All lines below containing the string "version" are to be copied.
(Beginning of Data for this task)
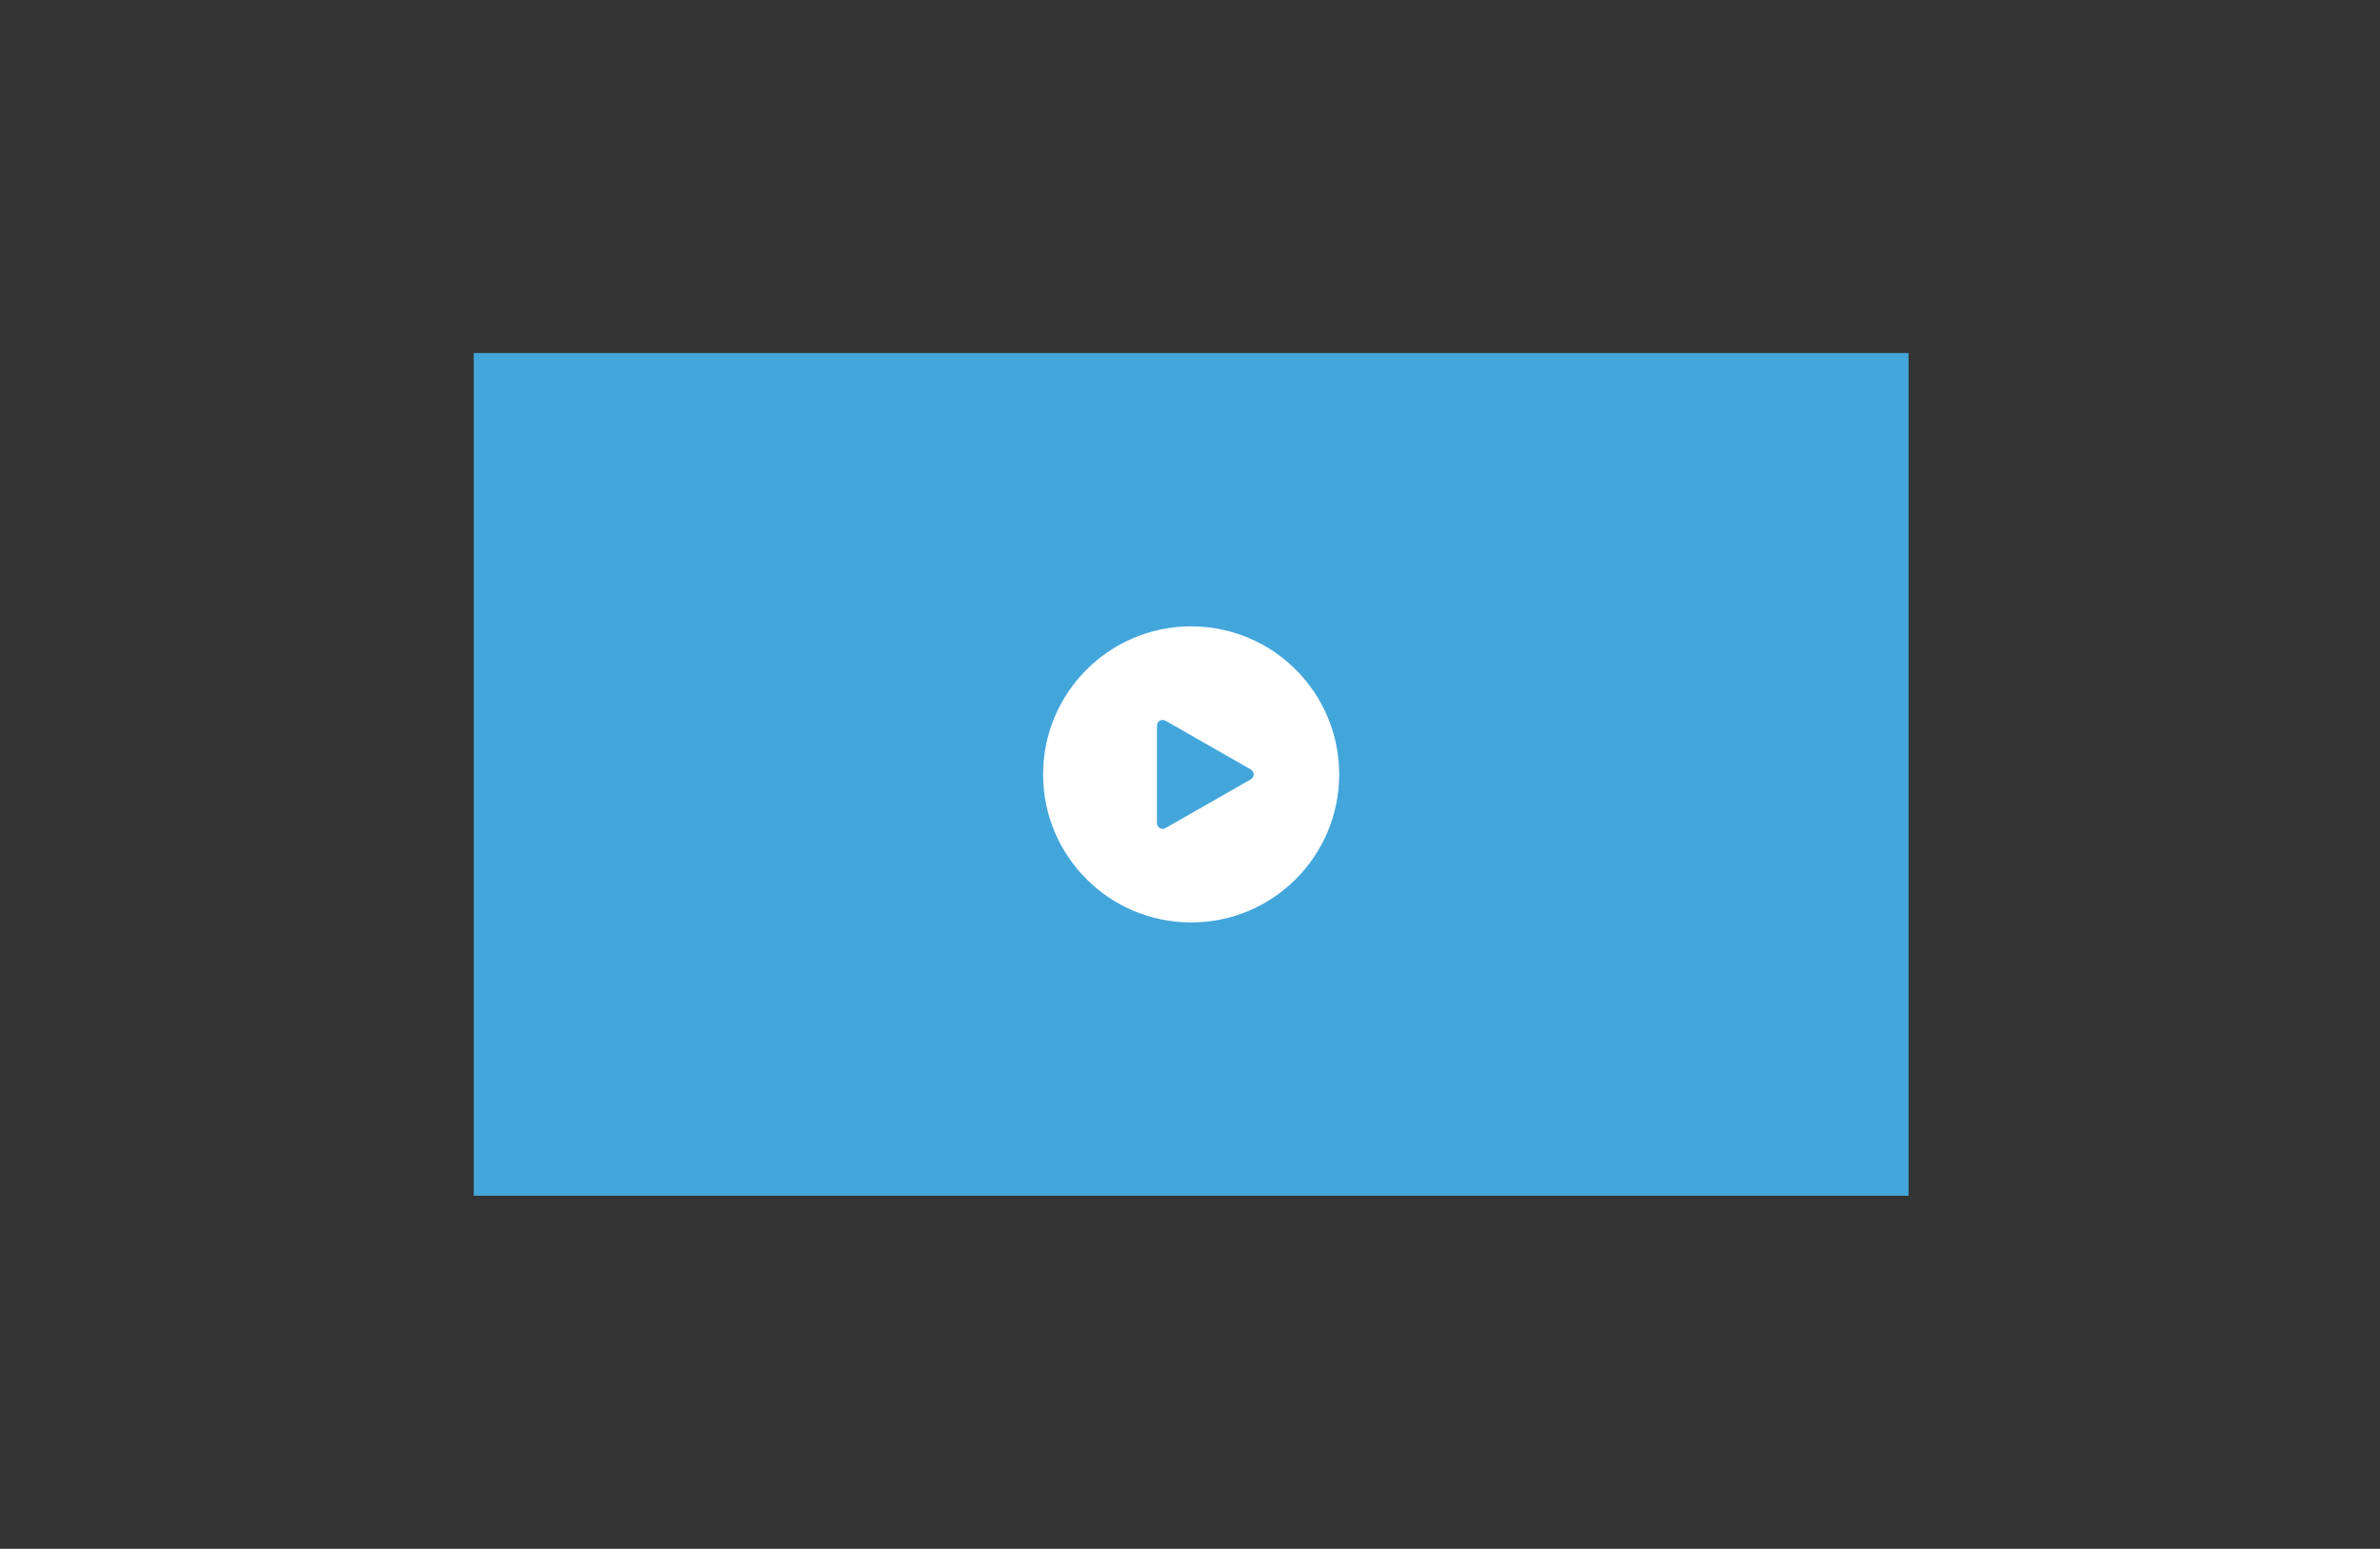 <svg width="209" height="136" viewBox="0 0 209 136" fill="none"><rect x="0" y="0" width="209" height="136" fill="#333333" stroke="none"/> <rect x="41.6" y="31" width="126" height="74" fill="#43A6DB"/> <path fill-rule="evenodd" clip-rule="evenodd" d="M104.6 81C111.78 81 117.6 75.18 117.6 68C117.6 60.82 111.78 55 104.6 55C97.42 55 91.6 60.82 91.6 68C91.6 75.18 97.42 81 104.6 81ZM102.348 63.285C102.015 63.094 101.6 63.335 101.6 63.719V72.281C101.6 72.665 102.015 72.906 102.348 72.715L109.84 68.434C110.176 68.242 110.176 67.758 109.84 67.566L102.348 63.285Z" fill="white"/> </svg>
(End of Data for this task)
(Beginning of Data for this task)
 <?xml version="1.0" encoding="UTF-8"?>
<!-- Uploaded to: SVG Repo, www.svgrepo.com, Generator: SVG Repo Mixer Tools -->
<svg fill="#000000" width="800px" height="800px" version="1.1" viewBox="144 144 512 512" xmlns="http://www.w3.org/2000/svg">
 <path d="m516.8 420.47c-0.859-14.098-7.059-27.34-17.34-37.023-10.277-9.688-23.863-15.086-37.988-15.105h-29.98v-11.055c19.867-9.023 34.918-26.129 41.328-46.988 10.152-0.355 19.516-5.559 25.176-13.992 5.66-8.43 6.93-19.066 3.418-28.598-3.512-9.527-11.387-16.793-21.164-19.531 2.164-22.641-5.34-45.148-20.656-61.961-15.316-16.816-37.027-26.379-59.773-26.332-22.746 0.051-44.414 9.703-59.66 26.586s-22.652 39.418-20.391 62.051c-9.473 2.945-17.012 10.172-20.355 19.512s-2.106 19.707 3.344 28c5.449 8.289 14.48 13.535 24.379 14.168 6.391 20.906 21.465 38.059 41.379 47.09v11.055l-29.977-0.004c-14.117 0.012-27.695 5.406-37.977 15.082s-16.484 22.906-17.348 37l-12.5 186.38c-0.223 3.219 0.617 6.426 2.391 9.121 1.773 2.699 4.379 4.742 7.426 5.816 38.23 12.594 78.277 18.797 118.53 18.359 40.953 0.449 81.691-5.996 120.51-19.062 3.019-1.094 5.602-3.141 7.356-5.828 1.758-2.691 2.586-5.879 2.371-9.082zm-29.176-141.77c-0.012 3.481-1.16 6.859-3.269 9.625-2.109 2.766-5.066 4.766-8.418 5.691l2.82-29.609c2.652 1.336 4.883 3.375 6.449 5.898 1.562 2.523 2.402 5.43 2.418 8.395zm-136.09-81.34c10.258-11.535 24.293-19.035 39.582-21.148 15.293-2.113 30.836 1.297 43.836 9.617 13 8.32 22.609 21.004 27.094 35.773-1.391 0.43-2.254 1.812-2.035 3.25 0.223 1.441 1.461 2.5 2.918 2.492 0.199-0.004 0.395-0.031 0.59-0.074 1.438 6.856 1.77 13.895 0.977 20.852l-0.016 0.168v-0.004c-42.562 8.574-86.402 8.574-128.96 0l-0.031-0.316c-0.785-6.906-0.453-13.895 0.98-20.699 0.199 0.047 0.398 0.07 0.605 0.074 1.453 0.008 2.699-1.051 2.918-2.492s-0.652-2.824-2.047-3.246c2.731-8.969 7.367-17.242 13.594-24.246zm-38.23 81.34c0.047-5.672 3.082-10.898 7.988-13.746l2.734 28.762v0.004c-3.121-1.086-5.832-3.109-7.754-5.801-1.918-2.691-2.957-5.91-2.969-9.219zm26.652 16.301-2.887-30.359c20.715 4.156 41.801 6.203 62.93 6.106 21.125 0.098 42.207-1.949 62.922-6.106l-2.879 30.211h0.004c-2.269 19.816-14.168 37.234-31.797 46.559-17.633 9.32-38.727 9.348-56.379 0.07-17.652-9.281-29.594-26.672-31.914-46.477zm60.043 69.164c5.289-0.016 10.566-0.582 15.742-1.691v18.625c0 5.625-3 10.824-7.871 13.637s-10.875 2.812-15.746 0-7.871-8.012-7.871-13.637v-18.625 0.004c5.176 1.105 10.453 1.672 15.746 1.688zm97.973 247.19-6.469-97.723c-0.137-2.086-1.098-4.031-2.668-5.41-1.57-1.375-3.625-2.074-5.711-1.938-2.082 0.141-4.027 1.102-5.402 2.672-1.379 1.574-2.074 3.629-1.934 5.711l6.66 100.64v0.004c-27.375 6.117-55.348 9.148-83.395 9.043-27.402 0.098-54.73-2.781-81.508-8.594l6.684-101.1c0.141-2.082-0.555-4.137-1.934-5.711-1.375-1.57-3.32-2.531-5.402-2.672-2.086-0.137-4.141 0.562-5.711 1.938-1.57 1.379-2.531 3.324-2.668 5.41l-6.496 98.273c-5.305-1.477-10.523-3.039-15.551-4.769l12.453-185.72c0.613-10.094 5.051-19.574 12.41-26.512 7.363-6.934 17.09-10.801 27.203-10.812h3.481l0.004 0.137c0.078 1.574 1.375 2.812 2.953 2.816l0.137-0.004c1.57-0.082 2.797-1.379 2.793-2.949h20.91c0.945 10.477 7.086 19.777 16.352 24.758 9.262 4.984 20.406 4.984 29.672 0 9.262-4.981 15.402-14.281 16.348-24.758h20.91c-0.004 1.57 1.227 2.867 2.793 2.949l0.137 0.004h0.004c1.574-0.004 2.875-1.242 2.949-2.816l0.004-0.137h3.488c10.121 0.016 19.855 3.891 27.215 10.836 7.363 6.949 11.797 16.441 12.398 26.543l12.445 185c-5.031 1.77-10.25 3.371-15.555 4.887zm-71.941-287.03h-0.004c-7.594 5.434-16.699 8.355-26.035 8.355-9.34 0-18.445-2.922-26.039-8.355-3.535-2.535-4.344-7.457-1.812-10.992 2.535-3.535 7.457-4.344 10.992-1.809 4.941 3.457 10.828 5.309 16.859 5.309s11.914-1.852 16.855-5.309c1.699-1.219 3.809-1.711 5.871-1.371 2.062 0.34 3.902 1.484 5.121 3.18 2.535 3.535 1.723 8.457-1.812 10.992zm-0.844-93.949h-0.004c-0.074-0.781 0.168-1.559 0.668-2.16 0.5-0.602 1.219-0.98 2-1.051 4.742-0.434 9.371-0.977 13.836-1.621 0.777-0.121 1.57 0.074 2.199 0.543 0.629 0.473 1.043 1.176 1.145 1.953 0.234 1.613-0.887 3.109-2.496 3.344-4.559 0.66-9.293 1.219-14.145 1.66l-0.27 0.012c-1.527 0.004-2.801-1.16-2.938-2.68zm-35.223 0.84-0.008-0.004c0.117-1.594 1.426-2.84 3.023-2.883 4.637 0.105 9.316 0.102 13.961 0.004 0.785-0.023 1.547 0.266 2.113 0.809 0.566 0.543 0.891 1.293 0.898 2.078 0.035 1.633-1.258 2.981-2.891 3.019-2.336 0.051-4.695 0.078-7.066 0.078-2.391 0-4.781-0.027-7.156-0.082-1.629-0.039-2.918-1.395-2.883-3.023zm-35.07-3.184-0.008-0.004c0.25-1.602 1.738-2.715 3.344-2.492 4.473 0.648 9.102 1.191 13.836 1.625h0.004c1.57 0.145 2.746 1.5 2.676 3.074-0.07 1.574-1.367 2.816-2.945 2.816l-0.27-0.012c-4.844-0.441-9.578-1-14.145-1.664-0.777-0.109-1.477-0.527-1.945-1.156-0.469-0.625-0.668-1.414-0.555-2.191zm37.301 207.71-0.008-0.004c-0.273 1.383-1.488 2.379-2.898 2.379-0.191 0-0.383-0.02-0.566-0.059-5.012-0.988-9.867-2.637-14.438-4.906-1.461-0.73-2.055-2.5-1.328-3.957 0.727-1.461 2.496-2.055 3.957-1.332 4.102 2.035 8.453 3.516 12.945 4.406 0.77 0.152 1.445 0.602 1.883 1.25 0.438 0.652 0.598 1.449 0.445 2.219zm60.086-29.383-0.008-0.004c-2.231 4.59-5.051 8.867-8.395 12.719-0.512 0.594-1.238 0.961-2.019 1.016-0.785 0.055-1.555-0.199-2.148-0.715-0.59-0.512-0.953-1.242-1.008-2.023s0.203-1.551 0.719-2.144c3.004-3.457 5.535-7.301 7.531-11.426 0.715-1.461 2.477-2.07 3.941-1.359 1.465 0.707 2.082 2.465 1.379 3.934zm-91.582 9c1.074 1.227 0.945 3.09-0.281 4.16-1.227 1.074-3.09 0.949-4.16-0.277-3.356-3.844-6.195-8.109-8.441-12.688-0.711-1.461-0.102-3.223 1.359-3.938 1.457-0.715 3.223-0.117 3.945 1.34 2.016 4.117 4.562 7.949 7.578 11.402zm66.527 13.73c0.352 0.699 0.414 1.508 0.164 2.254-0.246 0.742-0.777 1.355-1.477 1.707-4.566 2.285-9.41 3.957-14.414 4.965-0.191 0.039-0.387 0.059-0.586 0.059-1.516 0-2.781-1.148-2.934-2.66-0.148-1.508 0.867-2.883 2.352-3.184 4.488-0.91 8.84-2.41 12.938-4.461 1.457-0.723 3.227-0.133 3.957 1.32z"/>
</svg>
(End of Data for this task)
■ The completed task:
 <?xml version="1.0" encoding="UTF-8"?>
<svg fill="#000000" width="800px" height="800px" version="1.1" viewBox="144 144 512 512" xmlns="http://www.w3.org/2000/svg">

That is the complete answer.